Carabiner or quick link for tether attachment??

[Plebe]

This sounds like you’re saying it’s unsafe or somehow less safe to climb or hang on static rope.

I think what you’re trying to say is there is more risk falling on slack static rope such as what presents itself during one-sticking. I think it’s worth distinguishing the two. There are reasons that arborist climb static rope. The difference dynamic rope is going to make on a short tether fall is negligible and shouldn’t be pushed as gospel over the risks of using dynamic rope. Dynamic rope has its own pros and cons and should be used carefully as well.

@gcr0003 for president!

 

[raisins]

This sounds like you’re saying it’s unsafe or somehow less safe to climb or hang on static rope.

I think what you’re trying to say is there is more risk falling on slack static rope such as what presents itself during one-sticking. I think it’s worth distinguishing the two. There are reasons that arborist climb static rope. The difference dynamic rope is going to make on a short tether fall is negligible and shouldn’t be pushed as gospel over the risks of using dynamic rope. Dynamic rope has its own pros and cons and should be used carefully as well.

i hate to keep beating this drum, but the idea that short falls won't be helped by dynamic line is just asserted here and i think is counter to science and is based upon our gut/what folks say around here

but our gut is a horrible device for figuring out what happens over short distances and microseconds because we never observe this in everyday life (can't see it) in order to build our intuition for it (sorta like super high temps and pressures....they surprise people for this reason)

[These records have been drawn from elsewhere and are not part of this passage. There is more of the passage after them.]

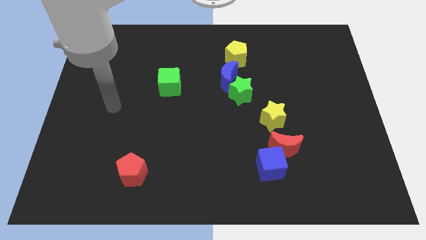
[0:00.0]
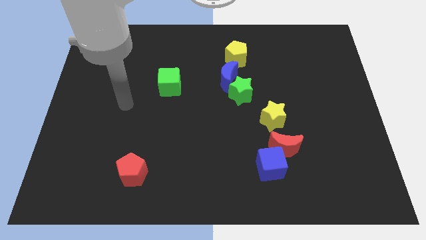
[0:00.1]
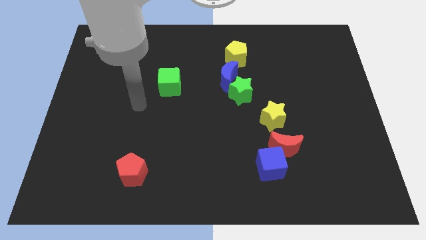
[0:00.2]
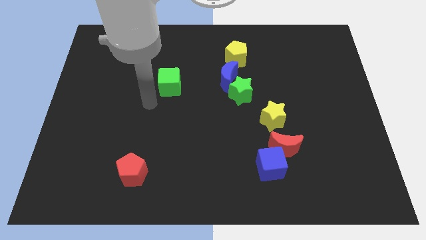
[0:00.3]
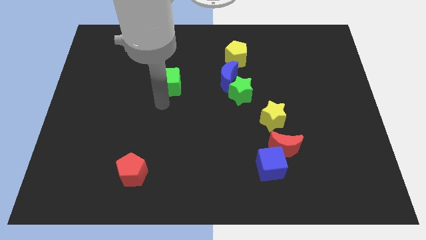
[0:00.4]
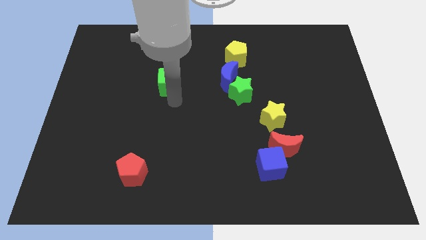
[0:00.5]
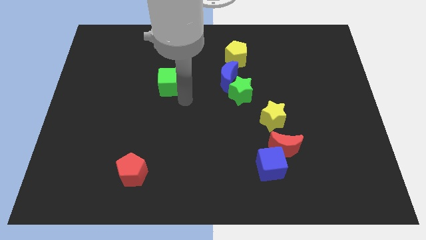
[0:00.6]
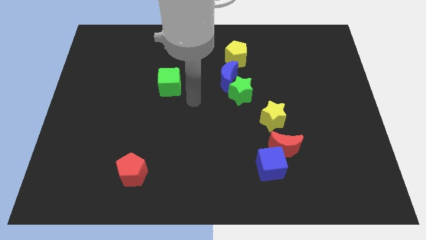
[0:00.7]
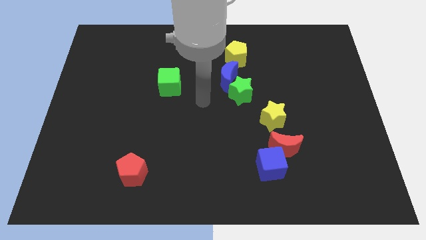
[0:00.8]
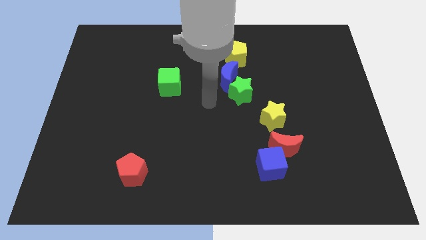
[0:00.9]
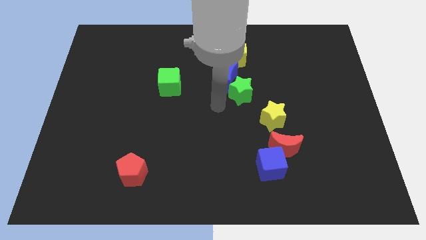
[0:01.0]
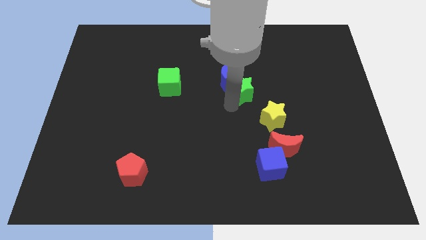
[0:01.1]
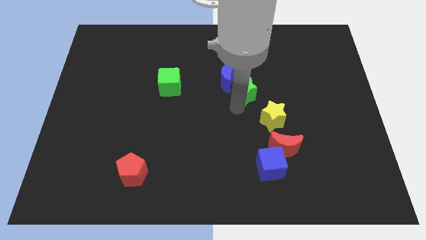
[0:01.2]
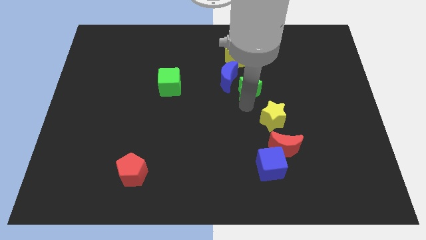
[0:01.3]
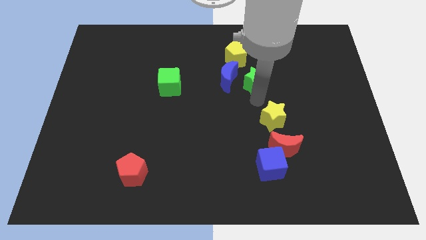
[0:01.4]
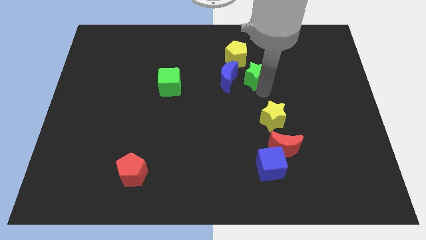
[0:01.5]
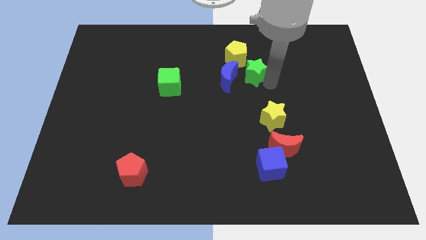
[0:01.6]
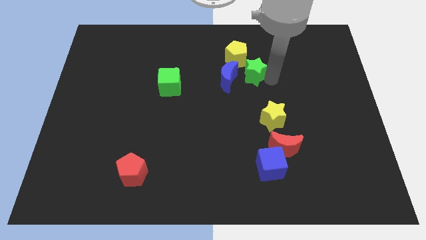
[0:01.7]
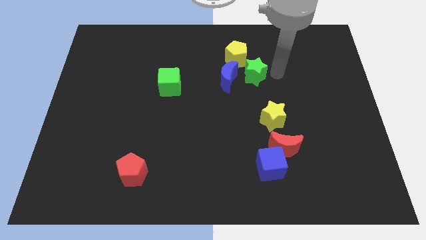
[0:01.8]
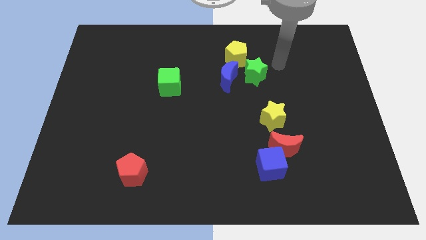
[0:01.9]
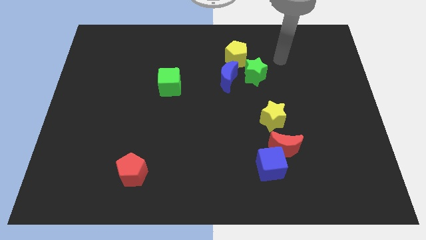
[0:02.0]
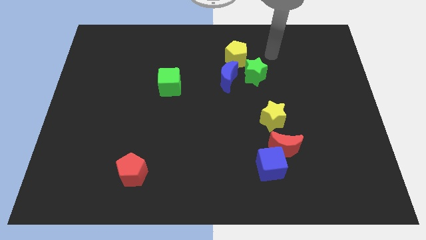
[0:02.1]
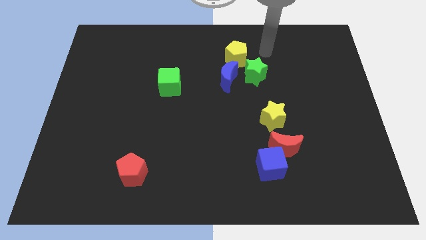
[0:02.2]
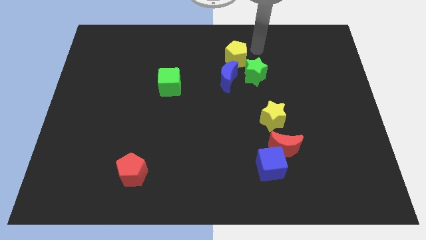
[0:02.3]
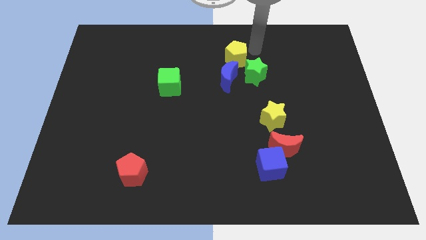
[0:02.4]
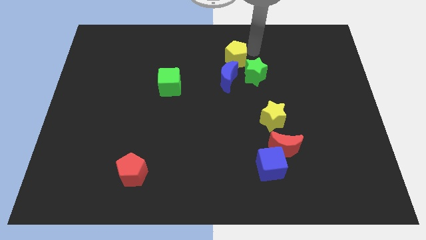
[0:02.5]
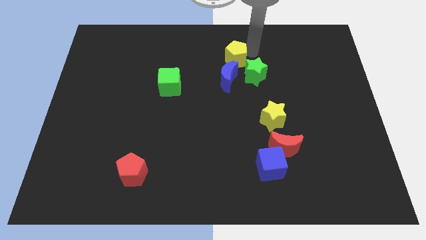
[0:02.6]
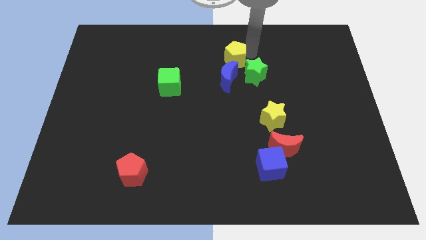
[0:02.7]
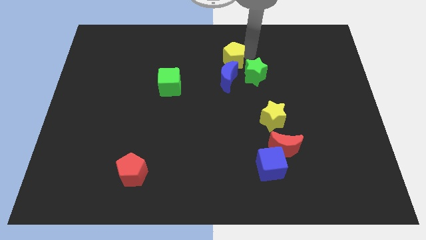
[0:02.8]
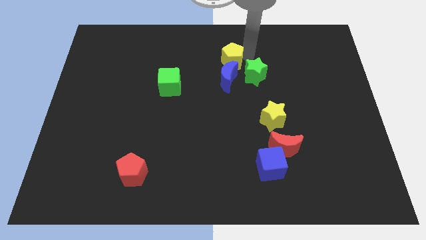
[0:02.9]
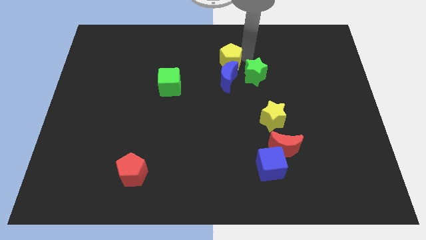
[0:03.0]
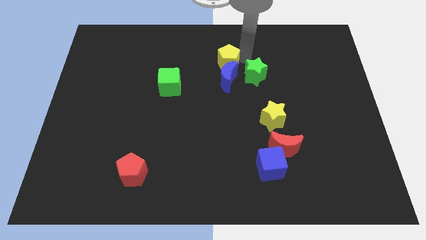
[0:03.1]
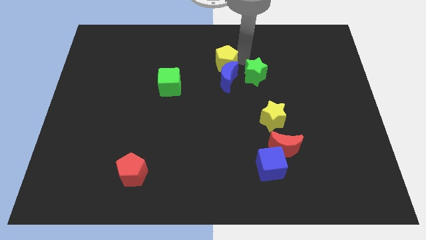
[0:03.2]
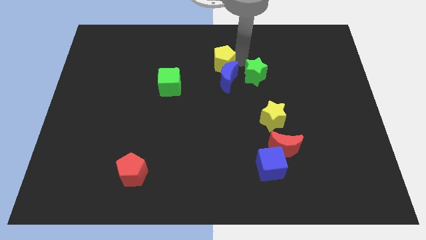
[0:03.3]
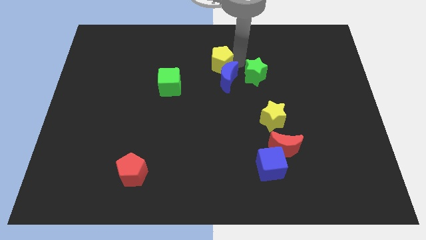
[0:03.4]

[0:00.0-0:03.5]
move the yellow pentagon to the middle

sure, you don't get those big bounces like on 100 feet of dynamic line

but why is it better to fall and hit your head on grass/dirt versus concrete (actually way better)? it's because the turf is 'softer'....why is it softer? because it gives like 1 inch

1 or 2 inches of give is way (like incalculably) better than 0 inches of give

try hanging on a dynamic tether, if you haven't, and bounce around on it....that it will help you will be obvious

 

[gcr0003]

i hate to keep beating this drum, but the idea that short falls won't be helped by dynamic line is just asserted here and i think is counter to science and is based upon our gut/what folks say around here

but our gut is a horrible device for figuring out what happens over short distances and microseconds because we never observe this in everyday life (can't see it) in order to build our intuition for it (sorta like super high temps and pressures....they surprise people for this reason)

sure, you don't get those big bounces like on 100 feet of dynamic line

but why is it better to fall and hit your head on grass/dirt versus concrete (actually way better)? it's because the turf is 'softer'....why is it softer? because it gives like 1 inch

1 or 2 inches of give is way (like incalculably) better than 0 inches of give

try hanging on a dynamic tether, if you haven't, and bounce around on it....that it will help you will be obvious

Not what I said at all. I said it is negligible on short tethers. Negligible doesn’t mean that it wouldn’t help at all, it just means that it won’t help you that much. This would be dependent on weight, amount of slack, distance of fall, direction of fall, elongation of each rope, how the rope is attached, type of attachment method etc. All of which can be calculated and have been calculated. Before you ask, no I’m not sharing my own calculations because like everything said on this website there are pros and cons and you have to take the responsible for that yourself.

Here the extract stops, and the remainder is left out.